[Collection entries]
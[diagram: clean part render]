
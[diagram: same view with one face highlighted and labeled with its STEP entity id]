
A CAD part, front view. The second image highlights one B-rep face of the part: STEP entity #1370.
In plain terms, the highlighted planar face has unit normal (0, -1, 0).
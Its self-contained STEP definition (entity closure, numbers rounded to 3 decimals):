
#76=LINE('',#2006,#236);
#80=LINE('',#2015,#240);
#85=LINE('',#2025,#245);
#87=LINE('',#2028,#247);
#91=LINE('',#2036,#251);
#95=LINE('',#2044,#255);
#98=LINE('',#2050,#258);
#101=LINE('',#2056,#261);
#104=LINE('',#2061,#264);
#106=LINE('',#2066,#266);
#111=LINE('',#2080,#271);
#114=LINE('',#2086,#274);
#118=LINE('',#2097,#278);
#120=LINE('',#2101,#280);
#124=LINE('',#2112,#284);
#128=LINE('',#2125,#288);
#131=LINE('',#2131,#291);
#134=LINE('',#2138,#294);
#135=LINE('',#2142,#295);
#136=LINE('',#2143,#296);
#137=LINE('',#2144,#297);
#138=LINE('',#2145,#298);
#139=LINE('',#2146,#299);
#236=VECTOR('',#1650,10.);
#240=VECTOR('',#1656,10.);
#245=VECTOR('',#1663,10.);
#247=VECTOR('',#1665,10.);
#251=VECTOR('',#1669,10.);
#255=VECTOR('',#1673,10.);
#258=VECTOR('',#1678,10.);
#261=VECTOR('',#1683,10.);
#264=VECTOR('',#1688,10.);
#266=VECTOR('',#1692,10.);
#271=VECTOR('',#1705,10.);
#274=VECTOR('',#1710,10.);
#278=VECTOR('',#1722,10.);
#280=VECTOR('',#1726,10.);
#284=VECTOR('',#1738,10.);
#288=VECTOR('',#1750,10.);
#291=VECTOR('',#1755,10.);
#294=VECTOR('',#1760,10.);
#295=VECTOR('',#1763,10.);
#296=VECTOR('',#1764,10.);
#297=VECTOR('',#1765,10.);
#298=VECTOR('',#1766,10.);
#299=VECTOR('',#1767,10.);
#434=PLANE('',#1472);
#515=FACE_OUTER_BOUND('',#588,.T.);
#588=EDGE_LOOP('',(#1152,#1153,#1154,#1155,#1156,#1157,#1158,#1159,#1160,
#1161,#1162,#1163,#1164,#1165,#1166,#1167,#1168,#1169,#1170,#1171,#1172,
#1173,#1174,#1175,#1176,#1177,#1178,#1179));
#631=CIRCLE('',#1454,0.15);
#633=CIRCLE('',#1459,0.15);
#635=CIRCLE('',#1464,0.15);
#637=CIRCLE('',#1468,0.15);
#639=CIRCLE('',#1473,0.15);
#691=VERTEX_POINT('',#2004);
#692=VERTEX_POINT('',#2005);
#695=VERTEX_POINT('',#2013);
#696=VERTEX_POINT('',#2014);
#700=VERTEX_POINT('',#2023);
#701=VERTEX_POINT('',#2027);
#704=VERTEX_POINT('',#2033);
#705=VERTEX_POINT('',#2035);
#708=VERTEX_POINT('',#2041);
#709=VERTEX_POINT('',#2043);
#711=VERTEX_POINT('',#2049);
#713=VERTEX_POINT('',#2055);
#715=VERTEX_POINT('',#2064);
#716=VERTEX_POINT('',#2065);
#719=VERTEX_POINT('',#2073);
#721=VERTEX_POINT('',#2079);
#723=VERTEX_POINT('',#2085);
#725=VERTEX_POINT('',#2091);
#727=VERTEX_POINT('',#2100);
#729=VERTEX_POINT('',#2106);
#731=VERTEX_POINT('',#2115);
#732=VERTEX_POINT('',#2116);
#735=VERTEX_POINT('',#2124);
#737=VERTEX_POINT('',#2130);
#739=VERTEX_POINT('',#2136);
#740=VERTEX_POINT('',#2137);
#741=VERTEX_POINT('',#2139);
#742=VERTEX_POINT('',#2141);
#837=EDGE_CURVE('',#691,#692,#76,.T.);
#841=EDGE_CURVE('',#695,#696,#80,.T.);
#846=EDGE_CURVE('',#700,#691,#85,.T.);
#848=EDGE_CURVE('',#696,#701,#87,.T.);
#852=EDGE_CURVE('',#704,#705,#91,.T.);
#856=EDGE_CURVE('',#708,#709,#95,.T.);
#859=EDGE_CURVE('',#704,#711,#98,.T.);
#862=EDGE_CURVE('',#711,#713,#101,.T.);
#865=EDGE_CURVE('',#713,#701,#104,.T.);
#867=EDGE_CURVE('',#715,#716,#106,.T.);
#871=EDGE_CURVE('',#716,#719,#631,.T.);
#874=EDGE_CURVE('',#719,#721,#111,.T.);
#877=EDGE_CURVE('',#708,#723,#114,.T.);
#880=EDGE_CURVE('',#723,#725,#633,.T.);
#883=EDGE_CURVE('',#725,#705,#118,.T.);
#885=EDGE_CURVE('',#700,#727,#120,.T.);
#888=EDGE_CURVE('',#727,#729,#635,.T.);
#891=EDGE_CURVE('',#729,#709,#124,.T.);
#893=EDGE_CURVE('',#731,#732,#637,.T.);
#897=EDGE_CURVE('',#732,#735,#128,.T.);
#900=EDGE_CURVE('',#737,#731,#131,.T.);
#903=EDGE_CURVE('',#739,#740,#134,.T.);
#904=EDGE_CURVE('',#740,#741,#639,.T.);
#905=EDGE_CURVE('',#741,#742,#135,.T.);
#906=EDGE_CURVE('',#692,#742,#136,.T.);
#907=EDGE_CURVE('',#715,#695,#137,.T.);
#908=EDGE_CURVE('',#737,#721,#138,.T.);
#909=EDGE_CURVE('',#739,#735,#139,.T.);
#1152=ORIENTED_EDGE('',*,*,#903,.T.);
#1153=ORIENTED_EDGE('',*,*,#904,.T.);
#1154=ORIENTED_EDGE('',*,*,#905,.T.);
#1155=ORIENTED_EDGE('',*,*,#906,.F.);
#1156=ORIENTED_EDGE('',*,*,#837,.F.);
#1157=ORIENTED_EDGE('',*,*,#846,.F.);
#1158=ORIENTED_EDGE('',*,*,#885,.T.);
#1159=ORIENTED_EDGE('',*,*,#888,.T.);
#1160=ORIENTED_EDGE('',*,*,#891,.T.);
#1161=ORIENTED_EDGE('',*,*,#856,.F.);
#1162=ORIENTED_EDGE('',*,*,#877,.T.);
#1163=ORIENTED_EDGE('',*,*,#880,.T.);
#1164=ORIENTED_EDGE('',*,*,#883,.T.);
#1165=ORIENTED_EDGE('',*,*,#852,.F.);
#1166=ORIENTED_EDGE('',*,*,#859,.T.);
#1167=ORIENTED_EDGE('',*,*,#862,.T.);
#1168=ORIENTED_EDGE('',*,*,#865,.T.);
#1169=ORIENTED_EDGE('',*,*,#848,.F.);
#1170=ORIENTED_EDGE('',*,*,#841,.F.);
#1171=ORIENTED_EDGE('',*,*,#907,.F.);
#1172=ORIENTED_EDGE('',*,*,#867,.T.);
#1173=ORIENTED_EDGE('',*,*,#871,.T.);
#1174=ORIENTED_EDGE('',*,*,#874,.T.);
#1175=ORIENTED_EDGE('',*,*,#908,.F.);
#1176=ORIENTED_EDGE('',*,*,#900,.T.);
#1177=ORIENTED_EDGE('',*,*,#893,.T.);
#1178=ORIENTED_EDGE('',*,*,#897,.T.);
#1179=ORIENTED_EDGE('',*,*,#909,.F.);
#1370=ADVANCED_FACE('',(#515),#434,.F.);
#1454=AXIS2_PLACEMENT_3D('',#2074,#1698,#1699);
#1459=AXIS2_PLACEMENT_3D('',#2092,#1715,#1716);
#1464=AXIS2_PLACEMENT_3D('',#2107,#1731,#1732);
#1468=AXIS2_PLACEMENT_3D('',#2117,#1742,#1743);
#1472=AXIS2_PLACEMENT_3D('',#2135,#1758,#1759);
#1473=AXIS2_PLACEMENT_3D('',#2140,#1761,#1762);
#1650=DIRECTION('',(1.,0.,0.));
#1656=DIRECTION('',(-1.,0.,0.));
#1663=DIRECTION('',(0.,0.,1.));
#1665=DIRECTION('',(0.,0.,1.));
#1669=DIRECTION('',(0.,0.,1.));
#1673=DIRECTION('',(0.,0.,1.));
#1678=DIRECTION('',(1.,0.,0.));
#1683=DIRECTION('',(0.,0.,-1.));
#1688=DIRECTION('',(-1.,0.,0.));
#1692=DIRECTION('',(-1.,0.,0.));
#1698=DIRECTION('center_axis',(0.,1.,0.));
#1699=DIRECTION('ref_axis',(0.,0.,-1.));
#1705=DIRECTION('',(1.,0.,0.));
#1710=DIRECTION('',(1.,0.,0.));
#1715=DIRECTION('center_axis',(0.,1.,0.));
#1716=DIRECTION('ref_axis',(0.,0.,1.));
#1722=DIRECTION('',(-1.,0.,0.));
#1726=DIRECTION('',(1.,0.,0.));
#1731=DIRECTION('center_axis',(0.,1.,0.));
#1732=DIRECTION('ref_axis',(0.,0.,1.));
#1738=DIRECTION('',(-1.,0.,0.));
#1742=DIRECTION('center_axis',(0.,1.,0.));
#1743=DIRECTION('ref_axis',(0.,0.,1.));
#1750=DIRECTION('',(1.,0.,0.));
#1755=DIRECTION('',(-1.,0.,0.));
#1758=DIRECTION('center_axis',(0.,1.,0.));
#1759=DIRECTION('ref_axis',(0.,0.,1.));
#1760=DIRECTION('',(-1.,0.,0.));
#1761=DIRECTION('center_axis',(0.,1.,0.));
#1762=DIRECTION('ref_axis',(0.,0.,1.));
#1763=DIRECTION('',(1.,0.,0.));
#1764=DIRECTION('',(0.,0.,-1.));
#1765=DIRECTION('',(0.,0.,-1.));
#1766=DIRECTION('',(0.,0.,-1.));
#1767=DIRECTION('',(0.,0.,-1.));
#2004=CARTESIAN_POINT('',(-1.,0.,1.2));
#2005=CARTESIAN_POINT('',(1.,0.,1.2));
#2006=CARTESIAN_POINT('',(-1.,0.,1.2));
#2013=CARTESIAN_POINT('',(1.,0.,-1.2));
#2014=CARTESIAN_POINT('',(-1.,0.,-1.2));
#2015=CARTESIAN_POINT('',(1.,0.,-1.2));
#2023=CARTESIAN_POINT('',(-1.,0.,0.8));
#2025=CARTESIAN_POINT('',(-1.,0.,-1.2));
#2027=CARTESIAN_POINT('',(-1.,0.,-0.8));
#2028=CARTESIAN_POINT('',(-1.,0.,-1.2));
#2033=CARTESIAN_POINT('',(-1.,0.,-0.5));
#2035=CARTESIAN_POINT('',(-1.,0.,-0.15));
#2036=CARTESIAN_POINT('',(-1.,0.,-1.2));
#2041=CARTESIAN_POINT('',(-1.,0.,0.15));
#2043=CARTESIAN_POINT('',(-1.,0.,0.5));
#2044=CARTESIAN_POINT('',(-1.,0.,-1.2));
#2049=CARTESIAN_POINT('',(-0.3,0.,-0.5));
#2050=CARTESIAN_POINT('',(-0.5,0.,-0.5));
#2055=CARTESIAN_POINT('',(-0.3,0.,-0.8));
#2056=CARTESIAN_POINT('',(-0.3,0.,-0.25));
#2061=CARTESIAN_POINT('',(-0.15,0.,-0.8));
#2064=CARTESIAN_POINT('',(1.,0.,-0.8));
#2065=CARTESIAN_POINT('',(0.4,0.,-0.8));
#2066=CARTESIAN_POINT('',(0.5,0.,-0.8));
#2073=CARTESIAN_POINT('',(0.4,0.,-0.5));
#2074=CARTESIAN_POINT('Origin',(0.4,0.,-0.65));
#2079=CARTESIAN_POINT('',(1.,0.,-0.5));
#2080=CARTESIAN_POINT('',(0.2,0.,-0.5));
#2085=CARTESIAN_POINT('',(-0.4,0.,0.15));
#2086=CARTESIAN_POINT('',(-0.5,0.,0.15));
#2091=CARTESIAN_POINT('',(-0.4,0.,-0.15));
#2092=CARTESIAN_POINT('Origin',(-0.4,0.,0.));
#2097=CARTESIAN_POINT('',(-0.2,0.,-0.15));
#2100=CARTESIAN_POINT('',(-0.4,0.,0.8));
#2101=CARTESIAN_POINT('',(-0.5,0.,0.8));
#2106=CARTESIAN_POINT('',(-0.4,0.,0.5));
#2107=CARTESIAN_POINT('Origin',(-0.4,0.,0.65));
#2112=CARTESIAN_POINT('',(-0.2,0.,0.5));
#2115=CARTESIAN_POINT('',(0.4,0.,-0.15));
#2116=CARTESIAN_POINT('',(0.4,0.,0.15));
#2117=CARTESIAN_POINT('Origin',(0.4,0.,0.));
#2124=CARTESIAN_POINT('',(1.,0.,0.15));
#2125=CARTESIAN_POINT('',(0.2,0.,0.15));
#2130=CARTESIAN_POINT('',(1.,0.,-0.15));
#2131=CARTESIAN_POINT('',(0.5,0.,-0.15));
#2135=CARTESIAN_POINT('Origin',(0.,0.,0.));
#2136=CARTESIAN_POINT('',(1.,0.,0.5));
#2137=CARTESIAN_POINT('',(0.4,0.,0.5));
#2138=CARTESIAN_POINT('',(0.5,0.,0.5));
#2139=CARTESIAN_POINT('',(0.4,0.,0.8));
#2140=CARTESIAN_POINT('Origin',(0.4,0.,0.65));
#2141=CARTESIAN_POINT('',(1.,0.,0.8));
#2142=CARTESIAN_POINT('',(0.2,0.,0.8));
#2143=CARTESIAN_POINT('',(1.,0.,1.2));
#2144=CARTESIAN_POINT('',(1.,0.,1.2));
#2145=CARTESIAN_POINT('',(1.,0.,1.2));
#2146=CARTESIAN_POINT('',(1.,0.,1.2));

## [Exercise description]
Look through the entries above, and wherever a line holds the string "view", copy it.

## [Output of the task]
[diagram: same view with one face highlighted and labeled with its STEP entity id]
A CAD part, front view. The second image highlights one B-rep face of the part: STEP entity #1370.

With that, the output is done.